■ Requirement: Within the material, how many of the lines include the word "path"? State only that number.
───
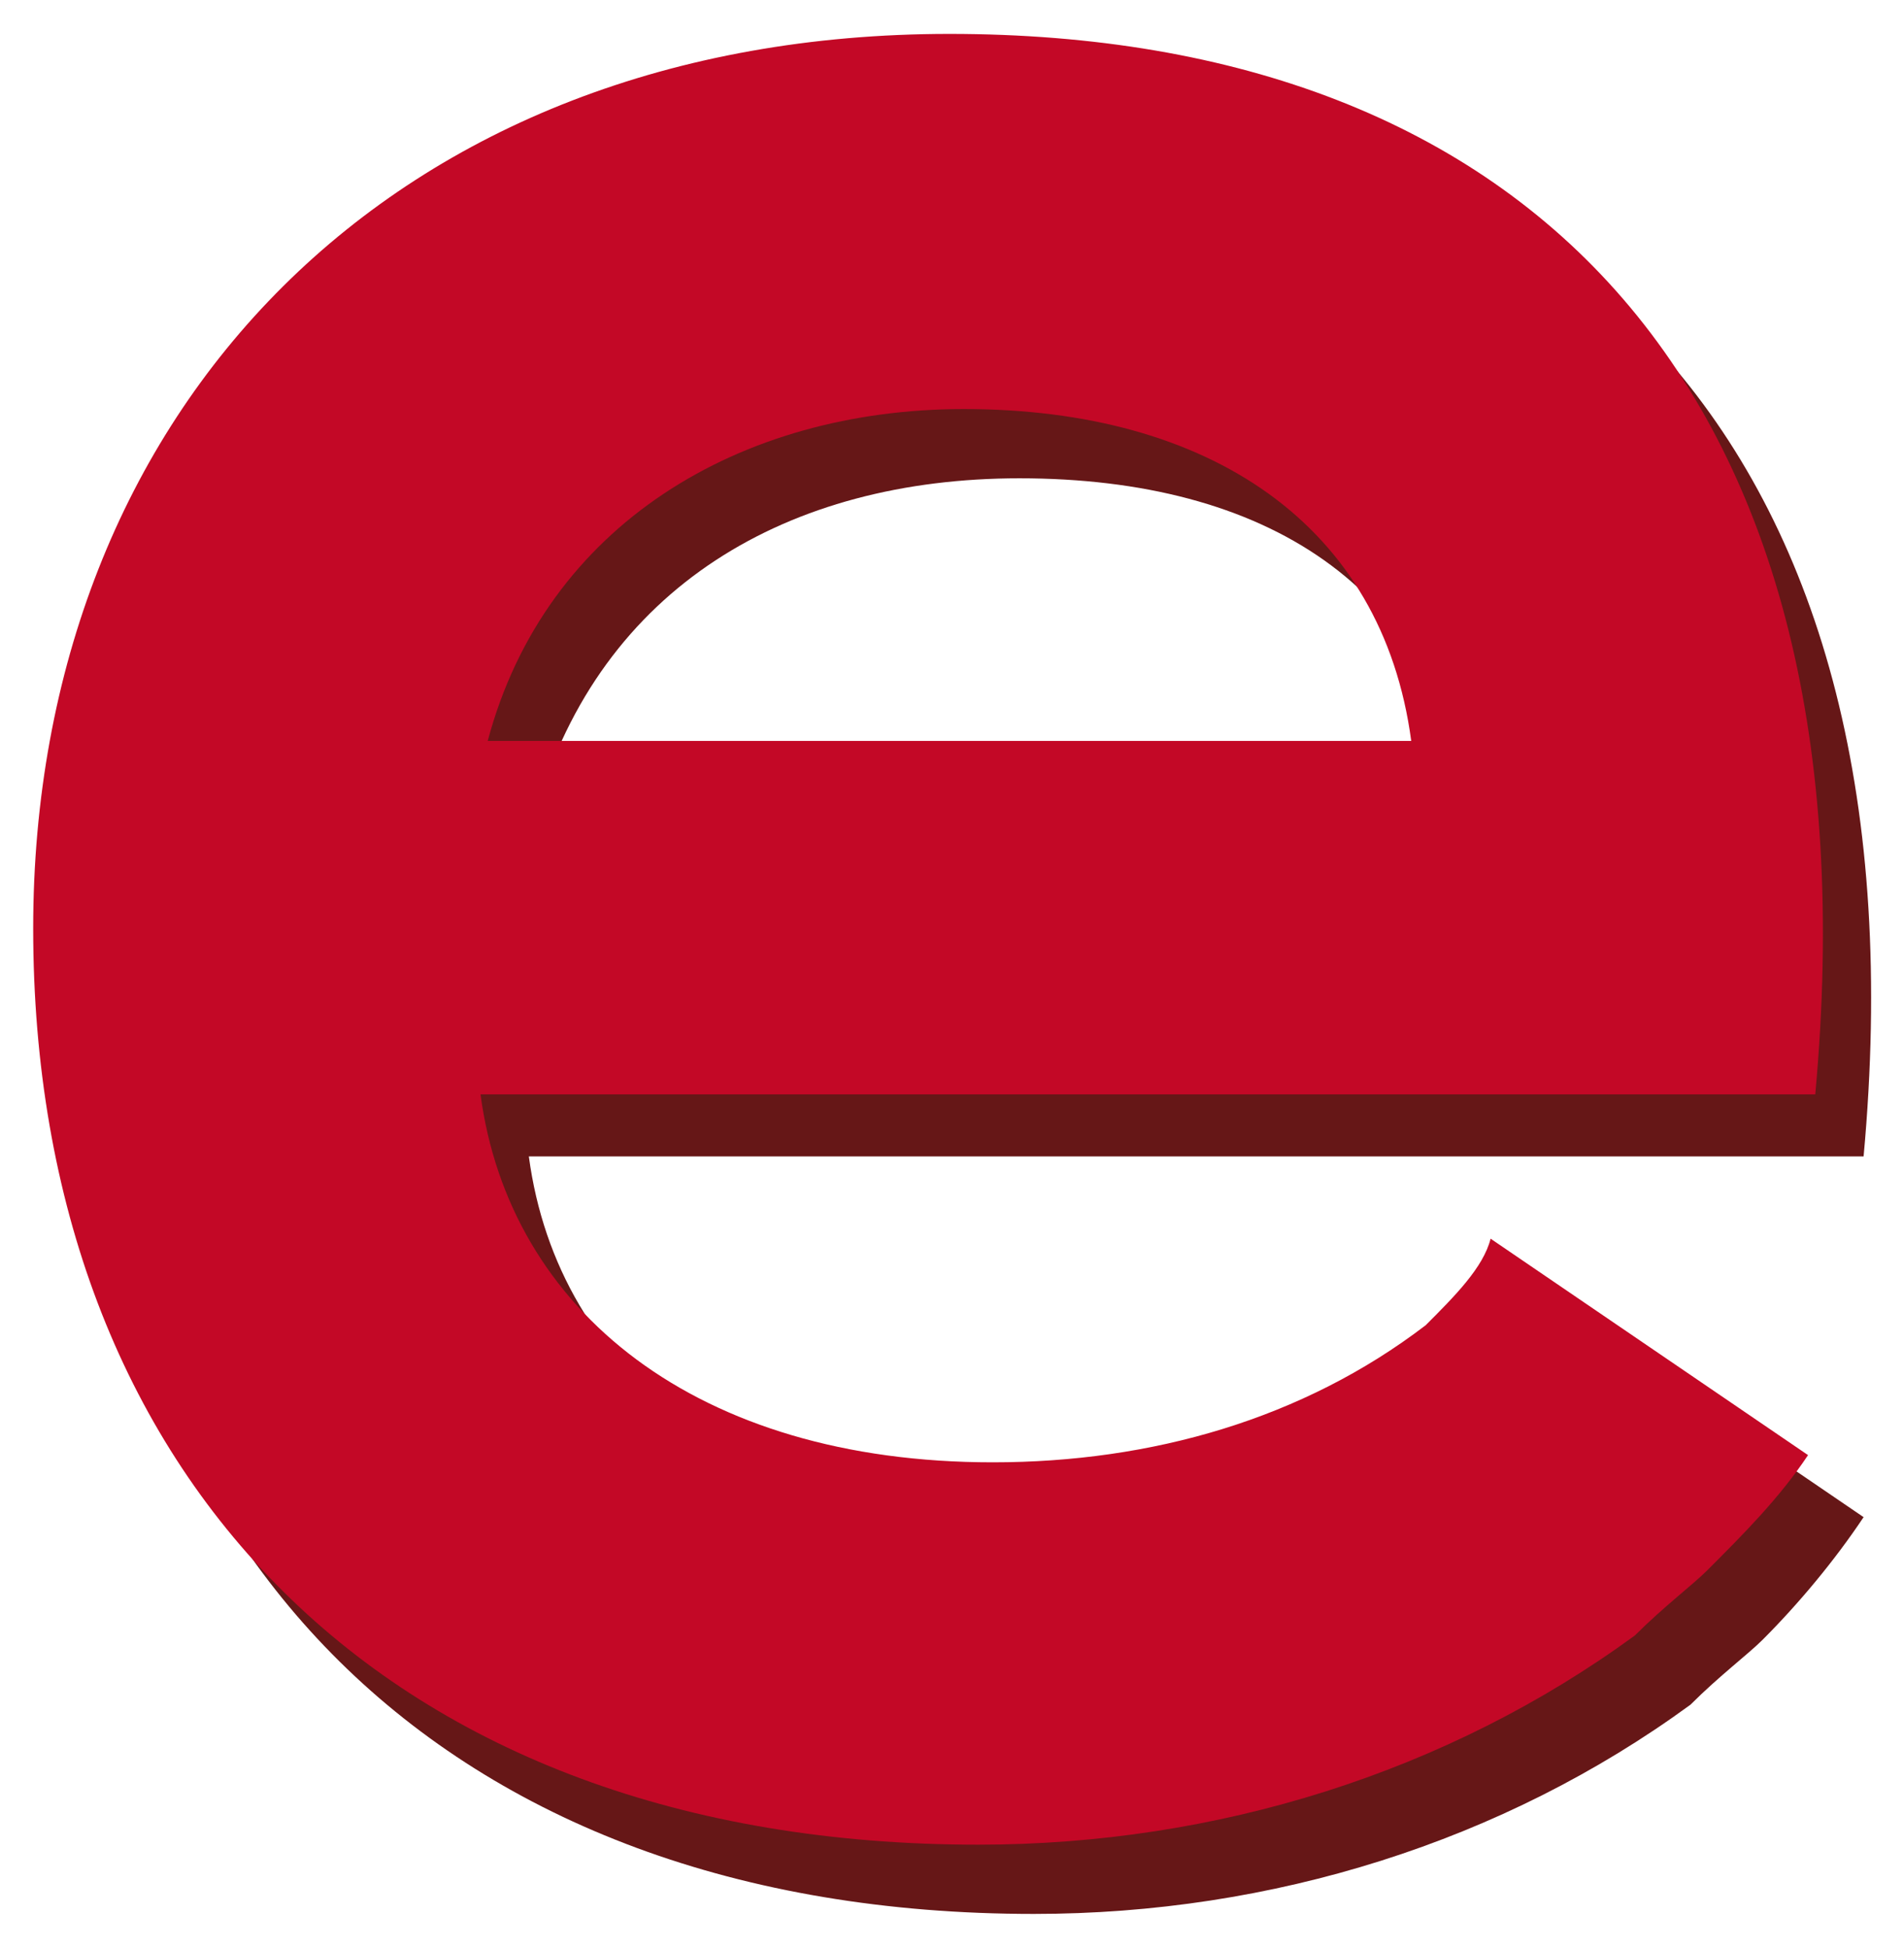 <?xml version="1.0" encoding="utf-8"?>
<!-- Generator: Adobe Illustrator 28.4.1, SVG Export Plug-In . SVG Version: 6.00 Build 0)  -->
<svg version="1.1" id="Livello_1" xmlns="http://www.w3.org/2000/svg" xmlns:xlink="http://www.w3.org/1999/xlink" x="0px" y="0px"
	 viewBox="0 0 26.39 27" style="enable-background:new 0 0 26.39 27;" xml:space="preserve">
<style type="text/css">
	.st0{fill:#661717;}
	.st1{fill:#C30826;}
</style>
<g>
	<path class="st0" d="M20.43,19.23c-1.7,1.3-3.8,1.9-6,1.9c-4.1,0-6.7-2.1-7.1-5.1h18.5c0.9-9.8-4.1-14.7-12-14.7
		c-7.6,0-12.6,5.3-12.6,12.5c0,7.6,4.9,12.7,13.1,12.7c3.3,0,6.5-1,9.1-2.9l0,0c0.4-0.4,0.8-0.7,1-0.9l0,0l0,0
		c0.5-0.5,1-1.1,1.4-1.7l-4.4-3C21.23,18.43,20.83,18.83,20.43,19.23z M14.13,6.63c3.4,0,5.8,1.5,6.2,4.6H7.43
		C8.33,8.13,10.93,6.63,14.13,6.63z"/>
	<path class="st1" d="M19.76,18.37c-1.7,1.3-3.8,1.9-6,1.9c-4.1,0-6.7-2.1-7.1-5.1h18.5c0.9-9.8-4-14.7-12-14.7
		c-7.7,0-12.7,5.2-12.7,12.4c0,7.6,4.9,12.7,13.1,12.7c3.3,0,6.5-1,9.1-2.9l0,0c0.4-0.4,0.8-0.7,1-0.9l0,0l0,0c0.5-0.5,1-1,1.4-1.6
		l-4.4-3C20.56,17.57,20.16,17.97,19.76,18.37z M13.36,5.67c3.4,0,5.8,1.6,6.2,4.6H6.76C7.56,7.27,10.26,5.67,13.36,5.67z"/>
</g>
</svg>
───
■ Output of the task: 2